-- Exercise directions --
Without the pictures, output the records below exactly as they are.

-- Data for this exercise --

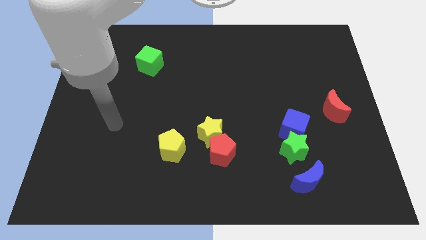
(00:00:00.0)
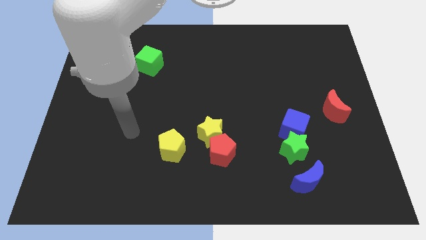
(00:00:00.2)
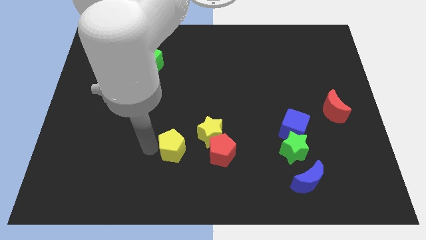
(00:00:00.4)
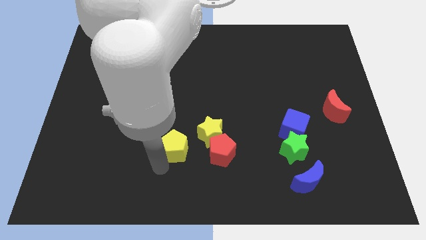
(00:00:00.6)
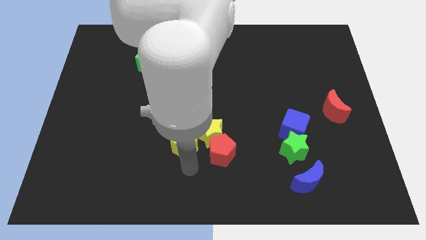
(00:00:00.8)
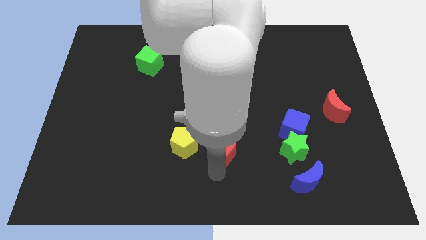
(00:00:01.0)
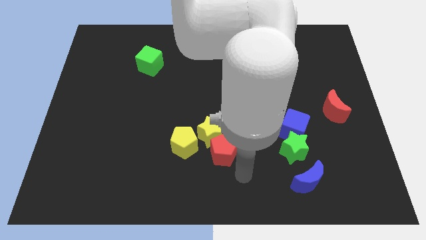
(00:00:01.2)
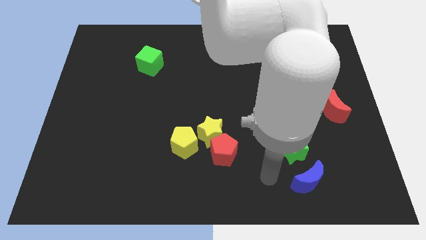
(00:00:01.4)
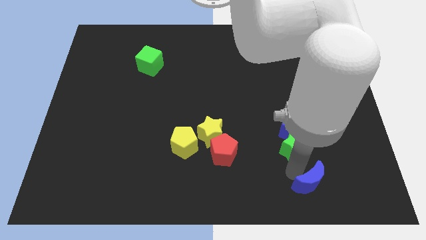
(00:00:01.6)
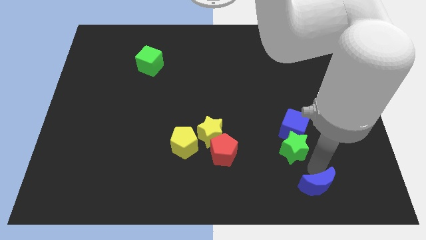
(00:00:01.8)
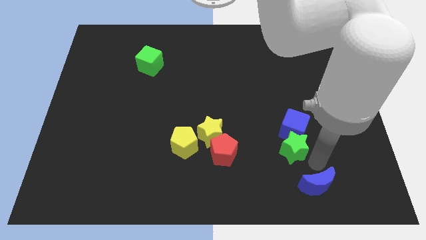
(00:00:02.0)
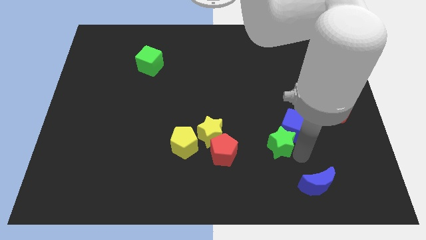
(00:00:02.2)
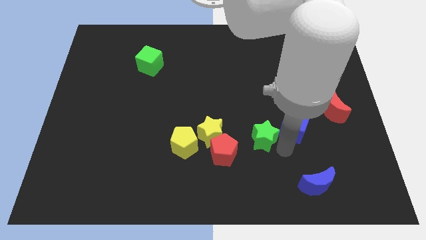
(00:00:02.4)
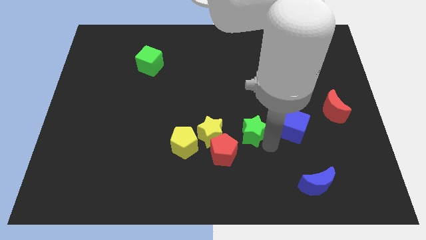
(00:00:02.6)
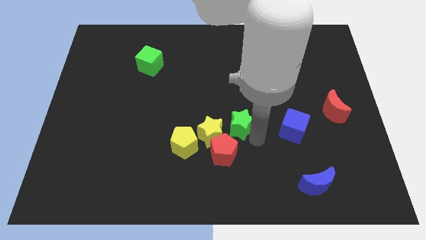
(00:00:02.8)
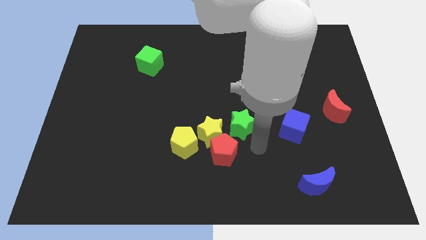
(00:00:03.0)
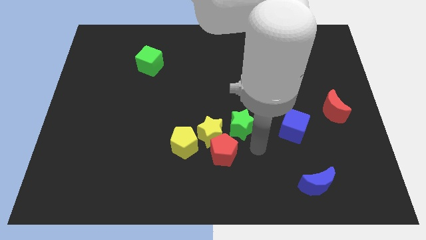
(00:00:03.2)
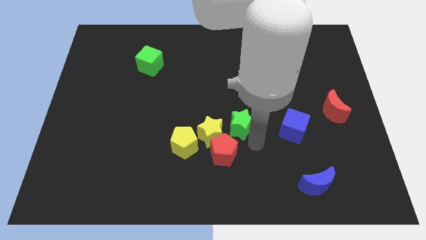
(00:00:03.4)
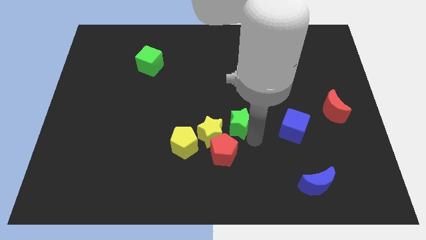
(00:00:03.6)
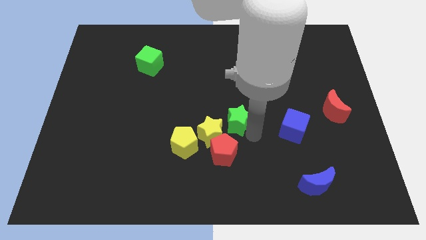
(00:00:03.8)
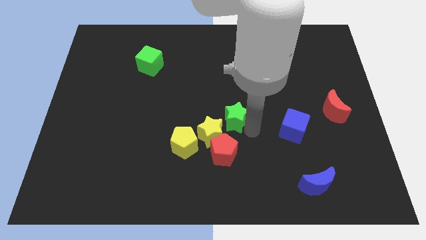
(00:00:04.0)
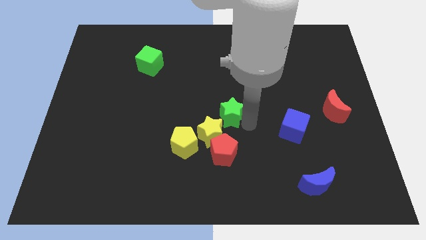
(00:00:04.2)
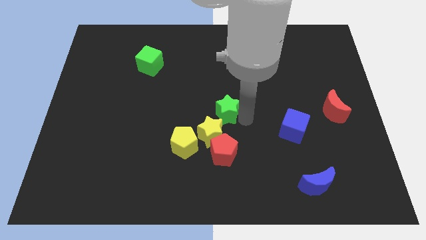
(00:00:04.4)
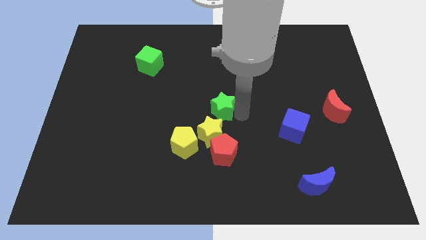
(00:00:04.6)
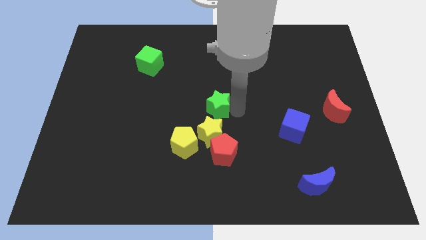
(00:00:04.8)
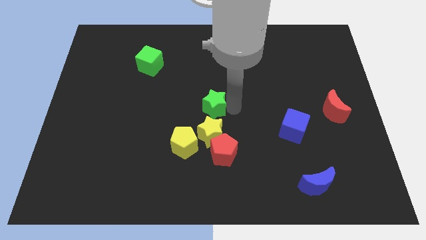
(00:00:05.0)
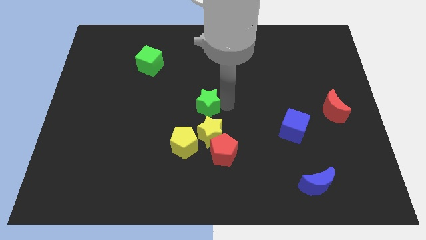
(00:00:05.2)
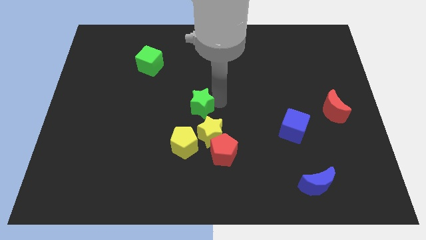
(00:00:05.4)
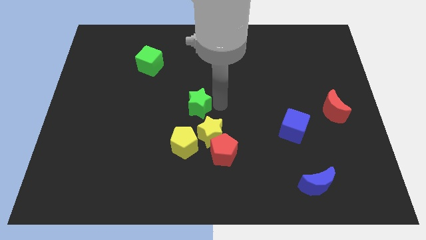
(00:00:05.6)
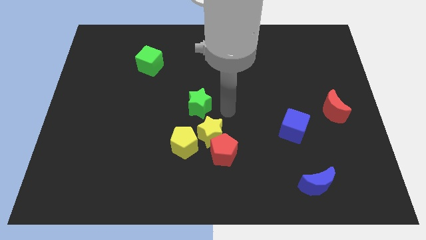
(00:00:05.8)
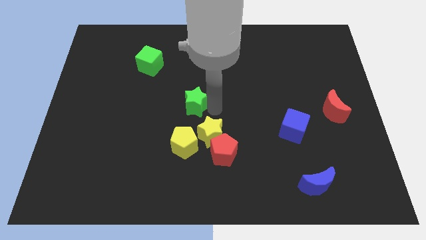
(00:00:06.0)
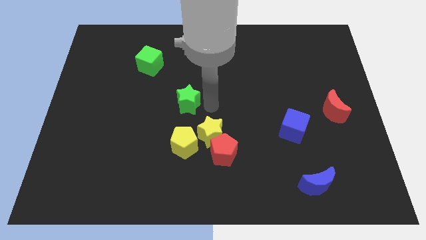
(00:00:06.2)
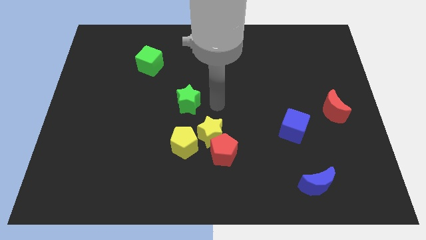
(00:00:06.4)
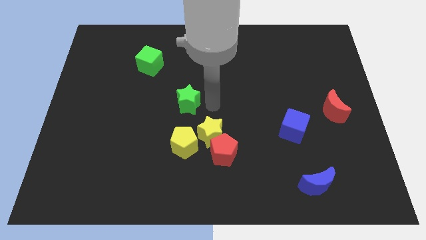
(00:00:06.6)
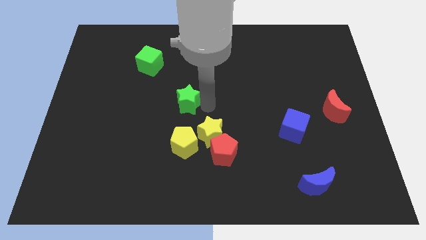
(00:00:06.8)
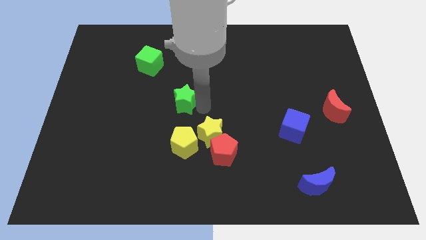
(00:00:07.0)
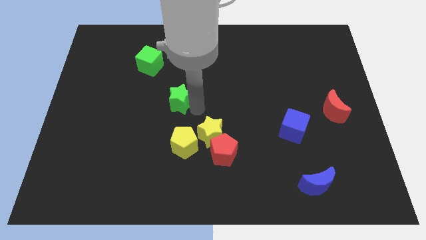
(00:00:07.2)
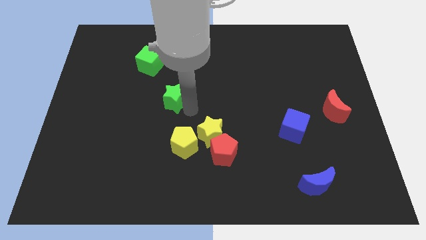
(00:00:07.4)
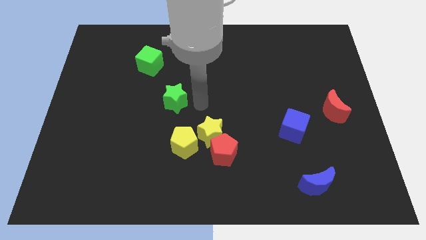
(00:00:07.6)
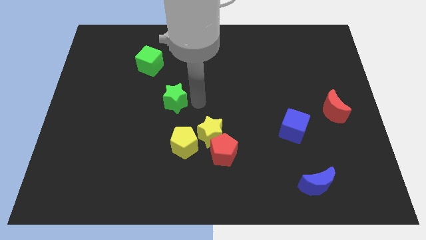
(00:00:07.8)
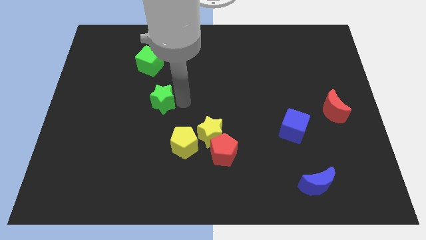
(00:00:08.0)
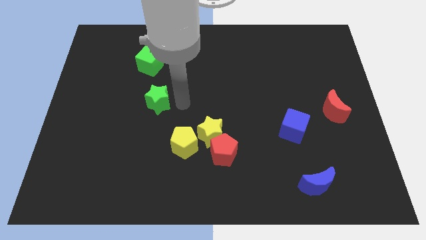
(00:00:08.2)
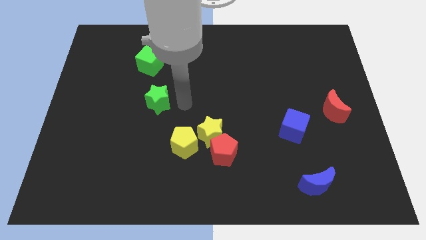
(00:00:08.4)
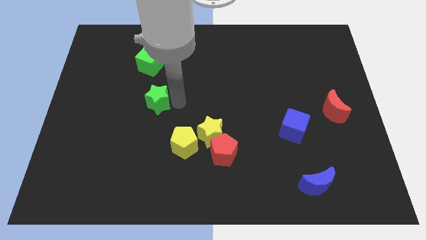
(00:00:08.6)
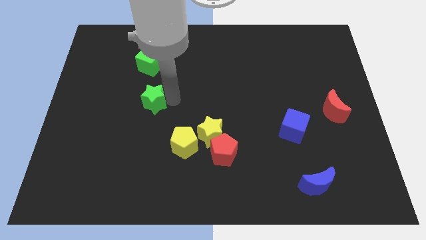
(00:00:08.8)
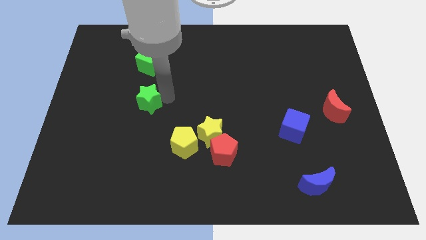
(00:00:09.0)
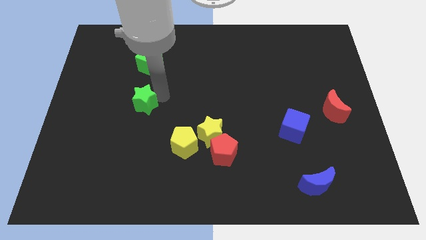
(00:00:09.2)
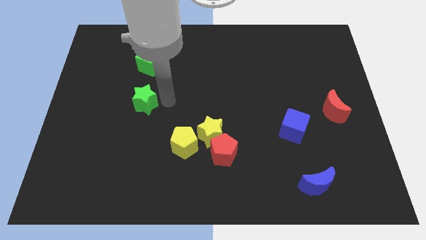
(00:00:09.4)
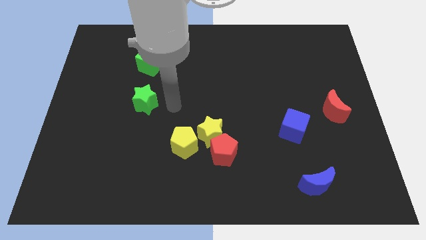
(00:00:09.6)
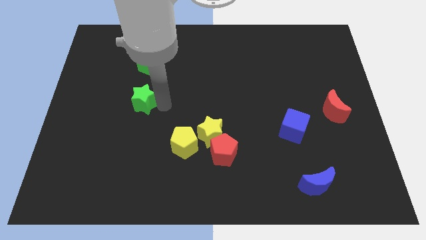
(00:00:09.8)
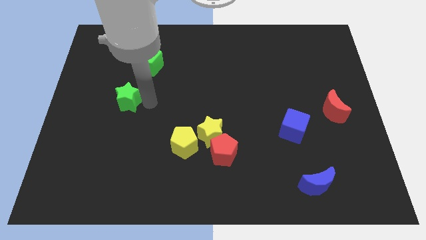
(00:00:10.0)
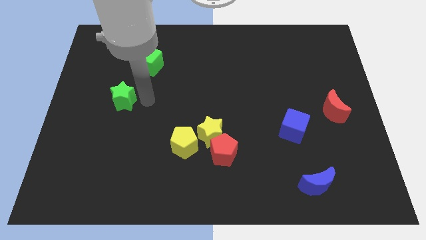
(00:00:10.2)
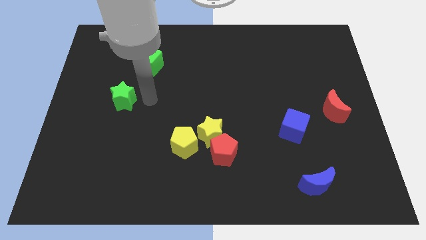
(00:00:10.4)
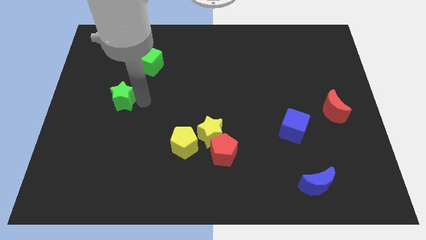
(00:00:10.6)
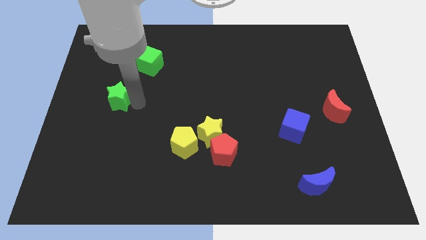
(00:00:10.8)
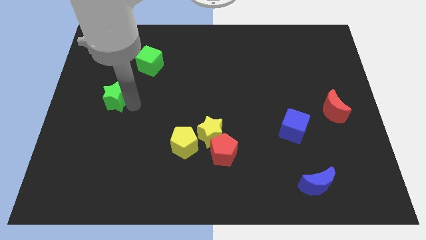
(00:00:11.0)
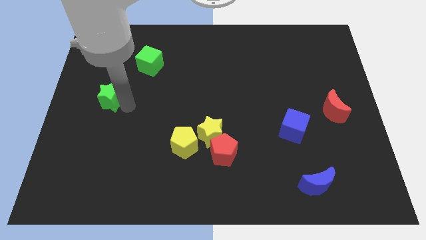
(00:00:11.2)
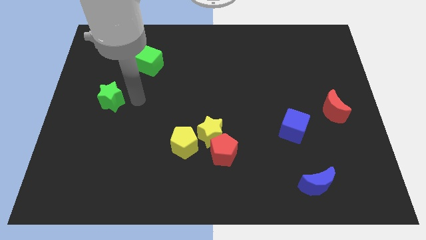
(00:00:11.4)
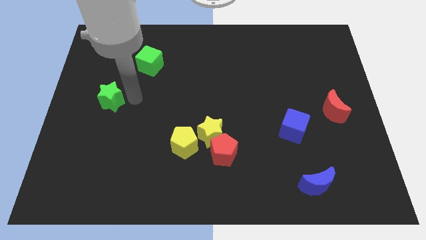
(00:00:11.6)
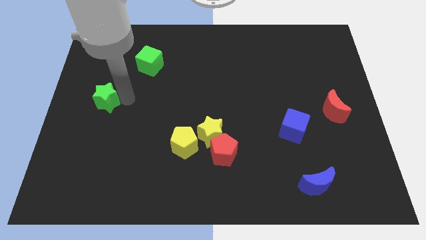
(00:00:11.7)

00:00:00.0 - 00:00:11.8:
slide the green star to the center left

-- Task result --
(00:00:00.0)
(00:00:00.2)
(00:00:00.4)
(00:00:00.6)
(00:00:00.8)
(00:00:01.0)
(00:00:01.2)
(00:00:01.4)
(00:00:01.6)
(00:00:01.8)
(00:00:02.0)
(00:00:02.2)
(00:00:02.4)
(00:00:02.6)
(00:00:02.8)
(00:00:03.0)
(00:00:03.2)
(00:00:03.4)
(00:00:03.6)
(00:00:03.8)
(00:00:04.0)
(00:00:04.2)
(00:00:04.4)
(00:00:04.6)
(00:00:04.8)
(00:00:05.0)
(00:00:05.2)
(00:00:05.4)
(00:00:05.6)
(00:00:05.8)
(00:00:06.0)
(00:00:06.2)
(00:00:06.4)
(00:00:06.6)
(00:00:06.8)
(00:00:07.0)
(00:00:07.2)
(00:00:07.4)
(00:00:07.6)
(00:00:07.8)
(00:00:08.0)
(00:00:08.2)
(00:00:08.4)
(00:00:08.6)
(00:00:08.8)
(00:00:09.0)
(00:00:09.2)
(00:00:09.4)
(00:00:09.6)
(00:00:09.8)
(00:00:10.0)
(00:00:10.2)
(00:00:10.4)
(00:00:10.6)
(00:00:10.8)
(00:00:11.0)
(00:00:11.2)
(00:00:11.4)
(00:00:11.6)
(00:00:11.7)

00:00:00.0 - 00:00:11.8:
slide the green star to the center left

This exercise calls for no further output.